The Great Plotnik

Sunday, November 11, 2007

From Under the Rock


Dance-nik's right -- there's nothing like finishing that first draft of your new poem, song, story. It lets you know you're still heading up the right road, the road you didn't exactly choose for yourself, but here you are.

Writers don't ever know for sure, until they read it or play it or sing it for an audience, and they almost never can tell good from great. But when Plotnik turns over the right rock and the perfect rhyme jumps up and then falls under his fingers -- well, that's heaven.

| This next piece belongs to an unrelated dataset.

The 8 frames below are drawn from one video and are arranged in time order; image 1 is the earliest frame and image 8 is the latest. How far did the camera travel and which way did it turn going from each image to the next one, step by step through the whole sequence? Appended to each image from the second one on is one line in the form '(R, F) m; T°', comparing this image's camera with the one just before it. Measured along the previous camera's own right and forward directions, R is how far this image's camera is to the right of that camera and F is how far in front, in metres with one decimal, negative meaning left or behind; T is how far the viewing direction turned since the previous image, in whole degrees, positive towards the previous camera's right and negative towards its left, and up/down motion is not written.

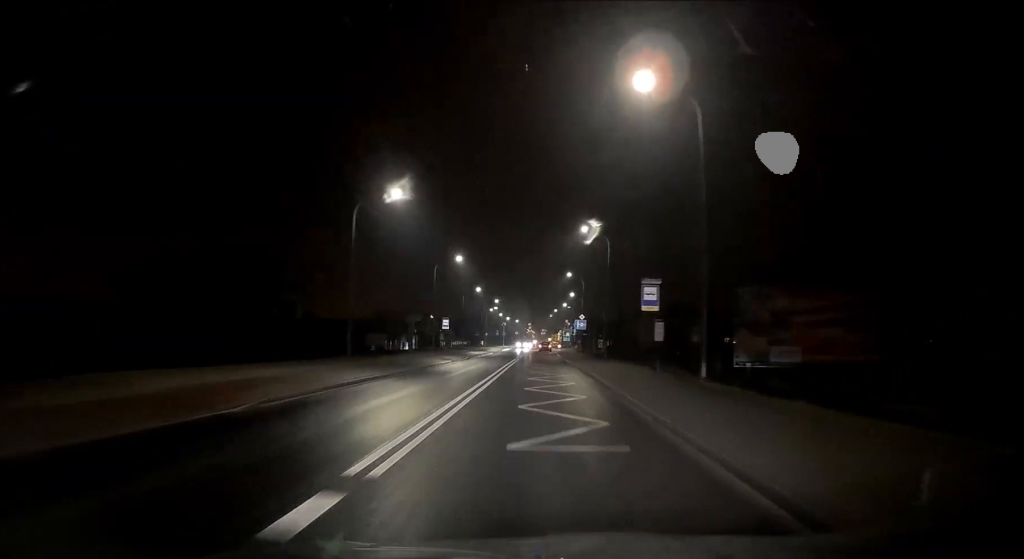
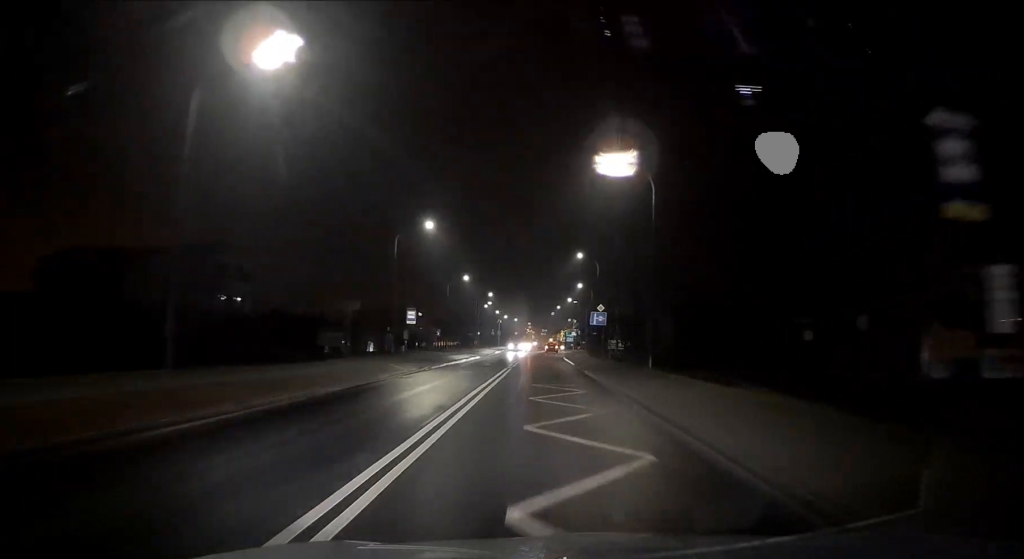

Yesterday, Plot was finishing a story in which prayer figures at the end, kind of. The Great Plotnik has never been a very good prayer-er. But he has thought about it, wondered just what he would say to, you know, Him or Her, if he got the chance and they only gave him a few seconds, and he only could say one thing:

"There is no flash of light, but the insight comes to me as clearly as if I plucked it from a burning bush: there are a thousand religions in the world and none of the words matter, none of the prayers matter, none of the methods matter, the buildings, the shrines, the holy books written backwards, frontwards, upside down, the bending, the flailing, the flagellating, the pork or the no pork or the boxes on the head or the bonfires, or the cows that are sacred or the cows your grandmother turns into sauerbraten. None of it. There is only one thing every soul on Earth wants:

'JUST BE THERE, LORD.' The rest is all gravy."

OK, so he might change his mind tomorrow, but right now it feels pretty good, every bit as good as those fetuccini in chive oil and stir fried green beans from last night's feast.

1 Comments:

At 2:04 PM, Anonymous Anonymous said...

Yikes! This is a bit deep and profound. And possibly brilliant.

But what does any of it have to do with the picture?